Istnieje truizm, który stał się boleśnie popularny od czasu pojawienia się smartfonów: najlepszy aparat to ten, który masz przy sobie. Ale jeśli chodzi o fotografię uliczną i podróżniczą, jeden telefon stanowi mocny argument za najlepszym aparatem, nawet w obecności większych, dedykowanych urządzeń do przetwarzania obrazu. To Huawei P20 Pro z trzema modułami aparatu opracowanymi wspólnie z Leicą, najbardziej znaną marką aparatów na świecie, zwłaszcza jeśli chodzi o fotografię uliczną.
Zawartość
- Pasja do produktu
- Zapomnij o technologii, skup się na zdjęciach
- Będąc tam
- Stara szkoła spotyka się z nową szkołą
Nie jest tajemnicą, że jesteśmy już fanami P20 Pro – nazwał to Andy Boxall z DT najlepszy telefon z Androidem, jakiego używaliśmy w tym roku w swojej recenzji. Współpraca Huawei z Leicą również nie jest niczym nowym; niemiecka firma produkująca aparaty fotograficzne pożycza swoją wiedzę Chińczykom smartfon producentem już od kilku lat. Ale tak jest w P20 Pro i jego niezwykły aparat
że wszystko zdaje się układać w jedną całość. Podczas niedawnej wycieczki do siedziby Leica w Wetzlar w Niemczech dowiedzieliśmy się więcej o tym, jak do tego doszło — i po drodze mieliśmy okazję zrobić piękne zdjęcia w całej Europie, od Mediolanu po Paryż. (Byliśmy gośćmi Huawei, ale wszystkie opinie są naszymi własnymi.)Polecane filmy
Pasja do produktu
Leica znana jest jako firma, która zawsze kładzie nacisk na szczegóły. Jak byliśmy świadkami, wiele etapów produkcji aparatów i obiektywów odbywa się ręcznie. Nawet pozornie podstawowe zadania, takie jak przyklejenie czerwonego wskaźnika ustawienia mocowania do tubusu obiektywu, wymagają ludzkiego dotyku. To właśnie to obsesyjne przywiązanie do wysokiej jakości wykonania zapewniło Leice tak lojalnych fanów, podnosząc markę do poziomu fandomu, jakiego doświadcza niewiele innych producentów aparatów fotograficznych.
Powiązany
- Strzelanina z kamerą: czy Huawei P40 Pro Plus może pokonać Apple, Samsunga i Google?

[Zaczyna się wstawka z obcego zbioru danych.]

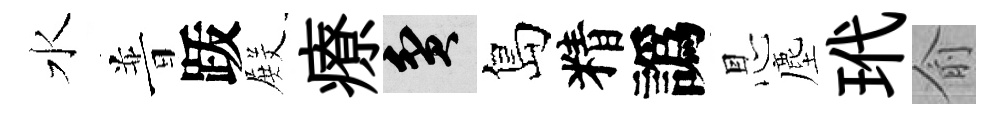
水普䟦𭮺療貧島精譌㤙塵玳俞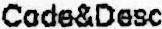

- Monochromatyczny obiektyw Huawei i Leica umarł, więc świętujemy jego życie
Odwiedzając kampus Leitz-Park, można odnieść wrażenie, że „wystarczająco dobre” nigdy nie jest wystarczająco dobre dla Leiki. Zamiast po prostu przenieść się do pustych magazynów i budynków biurowych, Leica zbudowała kampus od podstaw, aby przypominał swoje produkty. Jeden budynek ma kształt soczewki, drugi lornetki, a rozległy pas okien owija się wokół nich niczym rozwinięta rolka filmu. Okno sąsiedniego budynku ma kształt wizjera w aparacie dalmierzowym z serii M. Nawet kawiarnia Leitz Café jest wyjątkowa dzięki eleganckim liniom wewnątrz i na zewnątrz oraz dużej ilości naturalnego światła odbijającego się od białych stołów i krzeseł. (To wymarzona lokalizacja każdego instagramera, niezależnie od tego, czy Leica doceniłaby to oznaczenie, czy nie.)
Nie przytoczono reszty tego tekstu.